73, 74) is an electromagnetically operated valve characterized in that one end face has a spherically curved profile, and this profile extends constantly in a ring shape in the circumferential direction. 2. An end surface (73) of the mover (27) facing the core (2) is formed in a spherical shape, and an opposite end surface (74) of the core (2) is flat. 2. The valve according to claim 1, wherein the valve extends obliquely with respect to the longitudinal axis of the valve. 3. The end face (74) of the core (2) facing the mover (27) is formed in a spherical shape, and the end face (73) of the mover (27) is located opposite to the end face (73).
3. The valve according to claim 1, wherein the valve extends flat and obliquely with respect to the longitudinal axis of the valve. 4. An end face (73, 74) formed in a spherical shape has a ring-shaped contact line (75), and the end faces (73, 74) located opposite to each other are in contact with each other. 4. The valve according to claim 2, wherein the valve extends tangentially to the contact line. 5. The valve as claimed in claim 1, wherein the spherical contour of the end faces has a constant radius. 6. The valve according to claim 1, wherein the center point for the formation of the spherical contour of the end faces is located on the valve longitudinal axis at a distance of radius R. Item 6. The valve according to Item 5. 7. A valve needle (10) movable axially along a valve longitudinal axis (10).
An armature (27) is fixedly connected to the valve needle (19), and a valve closing body (21) is arranged at the opposite end of the valve needle (19), in which case the valve closing body (21) is provided.
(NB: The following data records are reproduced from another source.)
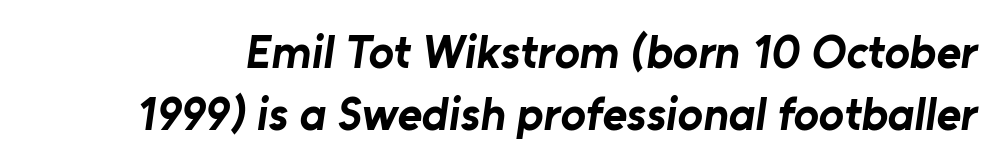
The type is set solid horizontally, with unmodified tracking. Honestly, the row spacing looks completely unremarkable. You can tell from the bare stems that sans-serif type was used. Stroke thickness is high; the sample reads as a true bold. Note the varied advance widths — an 'i' is clearly narrower than an 'm'. Anything drawn beneath the words? Only blank space.
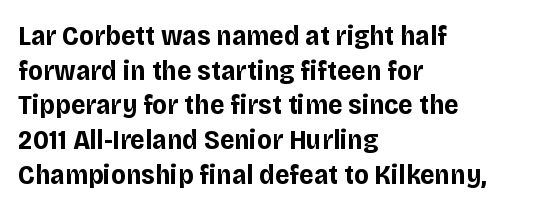
The image shows 28 px bold sans-serif type, upright; set left-aligned, line spacing 1.24x, normal letter spacing, not underlined; low stroke contrast and a large x-height.
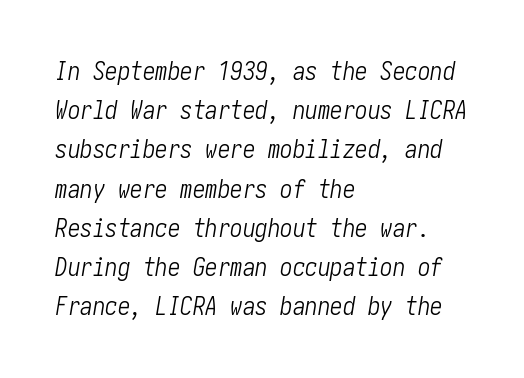
Q: Is the text bold? A: No.
Q: Is the text italic (slanted)? A: Yes, it leans right by about 10 degrees.
Q: Is the text underlined? A: No.
Q: How is the paragraph aligned? A: Left-aligned.
Q: Is the spacing between letters normal or unusually wide? A: Normal.
Q: Is the spacing between lines tight, normal or loose? A: Normal.
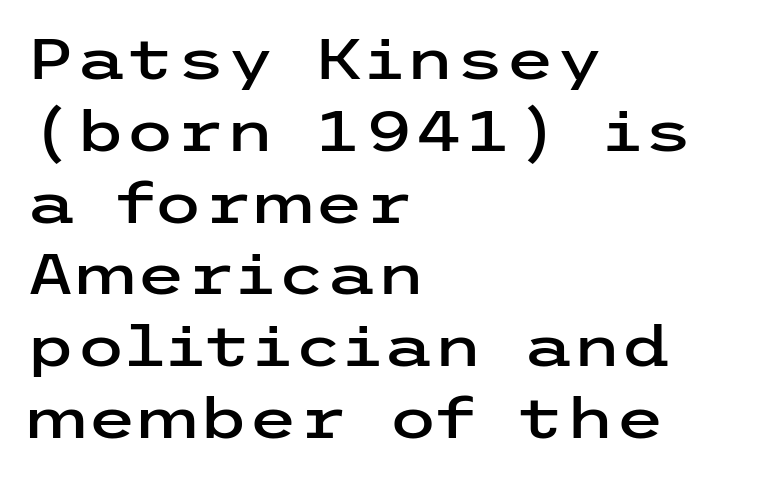
{"serif": "no", "italic": "no", "width": "wide", "stroke_contrast": "low", "x_height": "medium", "underline": "no", "align": "left", "line_spacing": "normal", "line_spacing_ratio": 1.26, "letter_spacing": "normal", "letter_spacing_em": 0.0, "glyph_px": 57}
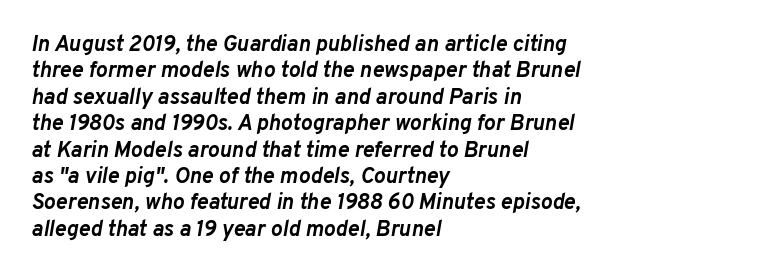
Q: Is the text bold? A: Yes.
Q: Is the text italic (slanted)? A: Yes, it leans right by about 10 degrees.
Q: Is the text underlined? A: No.
Q: How is the paragraph aligned? A: Left-aligned.
Q: Is the spacing between letters normal or unusually wide? A: Normal.
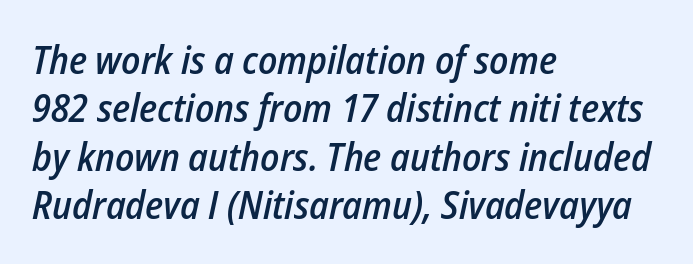
The image shows 39 px semibold, condensed type, italic (leaning right); set left-aligned, line spacing 1.24x, normal letter spacing, not underlined; low stroke contrast and a medium x-height.
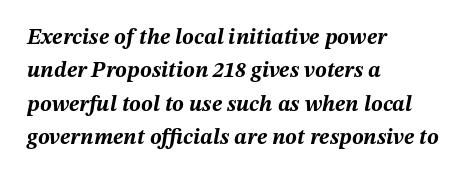
The image shows 22 px bold type, italic (leaning right); set left-aligned, normal line spacing (1.52x), normal letter spacing, not underlined.
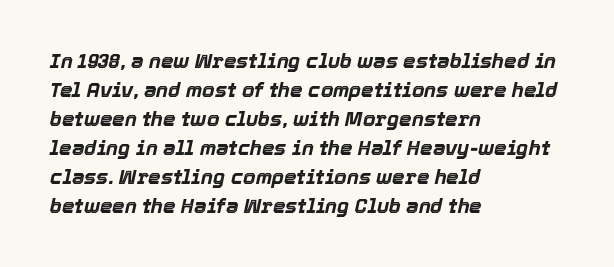
Q: Is the text bold? A: Yes.
Q: Is the text italic (slanted)? A: Yes, it leans right by about 12 degrees.
Q: Is the text underlined? A: No.
Q: How is the paragraph aligned? A: Left-aligned.
Q: Is the spacing between letters normal or unusually wide? A: Normal.
Q: Is the spacing between lines tight, normal or loose? A: Normal.

Are formed in a spherical shape, and a center point (71) for forming a spherical part-shaped contour of the end face (73) is located at a center point of the valve closing body (21) with an interval of a radius R. 7. The valve according to claim 6, wherein the valve is provided. 8. A core (2) and / or a mover (27) having end faces (73, 74).
3. The valve according to claim 1, wherein the valve is coated in the area of (1). 9. The core (2) and / or the mover (27) have end faces (73, 74).
2. The valve according to claim 1, wherein the valve is treated by a hardening method in the region of (1).